■ Description of the task ■
The answer is the full listing restated exactly, without any pictures.

▼▼▼

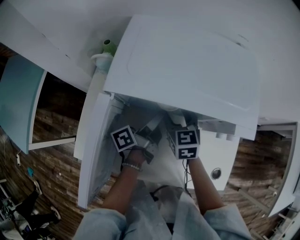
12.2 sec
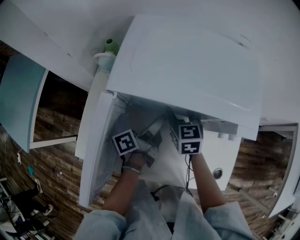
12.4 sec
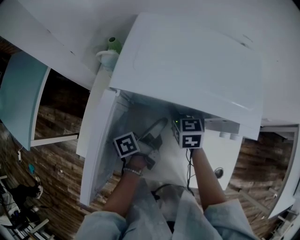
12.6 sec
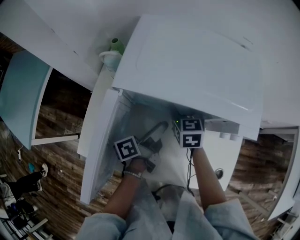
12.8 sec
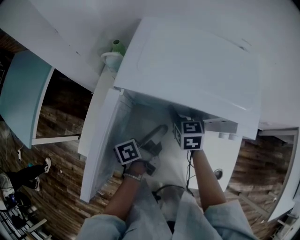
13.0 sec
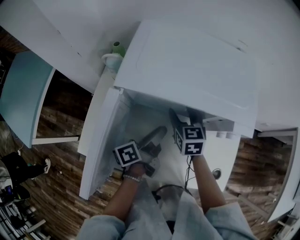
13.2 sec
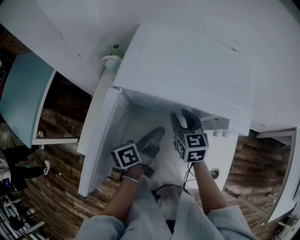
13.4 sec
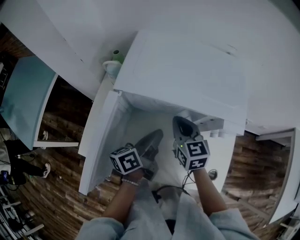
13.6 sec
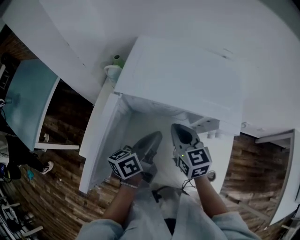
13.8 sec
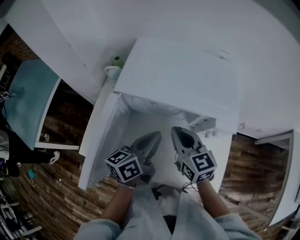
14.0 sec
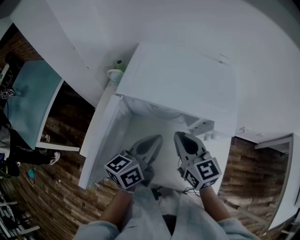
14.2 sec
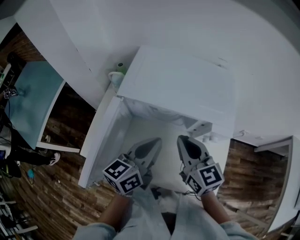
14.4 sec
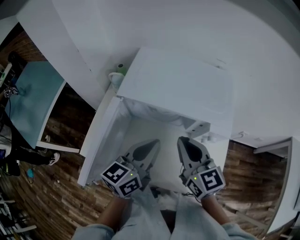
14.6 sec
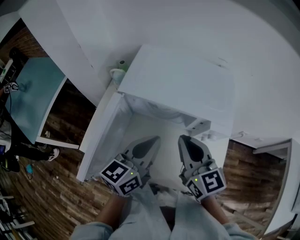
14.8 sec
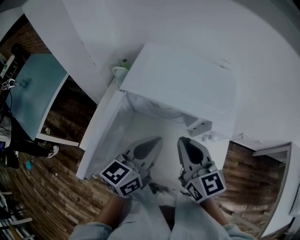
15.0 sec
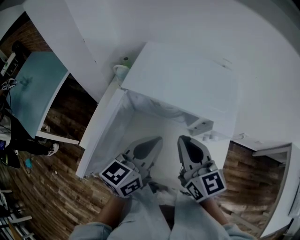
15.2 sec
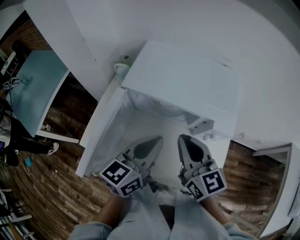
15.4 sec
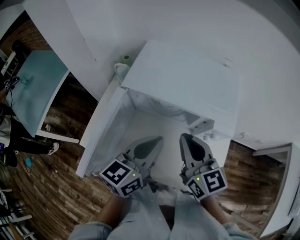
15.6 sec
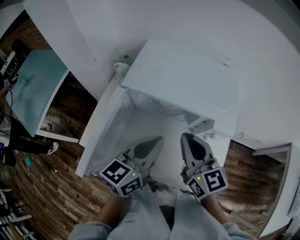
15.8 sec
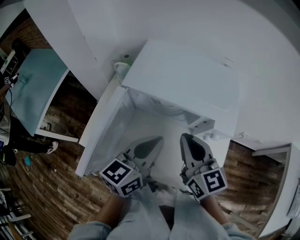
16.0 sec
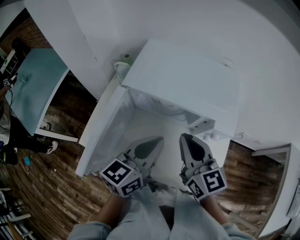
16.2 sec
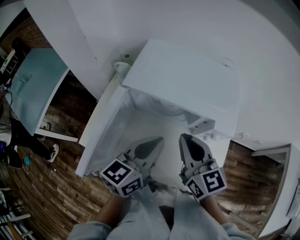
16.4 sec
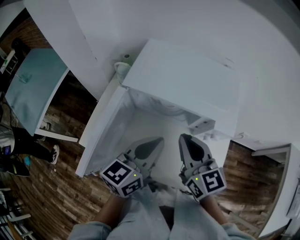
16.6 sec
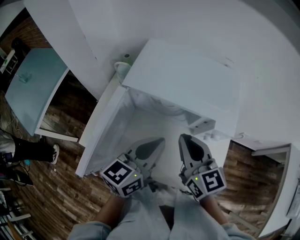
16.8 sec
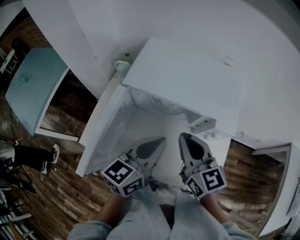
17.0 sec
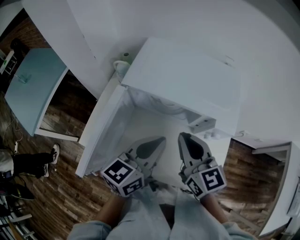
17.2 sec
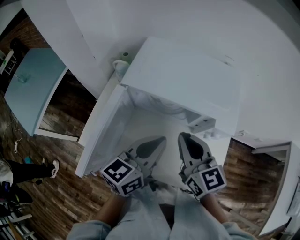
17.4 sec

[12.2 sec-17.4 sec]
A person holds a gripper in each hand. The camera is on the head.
12.2 sec to 14.0 sec: The right gripper is displaced upward by approximately 10 cm, and closes.
14.0 sec to 15.6 sec: The right gripper goes roughly 10 cm upward.

▲▲▲

■ Solution to this exercise ■
12.2 sec
12.4 sec
12.6 sec
12.8 sec
13.0 sec
13.2 sec
13.4 sec
13.6 sec
13.8 sec
14.0 sec
14.2 sec
14.4 sec
14.6 sec
14.8 sec
15.0 sec
15.2 sec
15.4 sec
15.6 sec
15.8 sec
16.0 sec
16.2 sec
16.4 sec
16.6 sec
16.8 sec
17.0 sec
17.2 sec
17.4 sec

[12.2 sec-17.4 sec]
A person holds a gripper in each hand. The camera is on the head.
12.2 sec to 14.0 sec: The right gripper is displaced upward by approximately 10 cm, and closes.
14.0 sec to 15.6 sec: The right gripper goes roughly 10 cm upward.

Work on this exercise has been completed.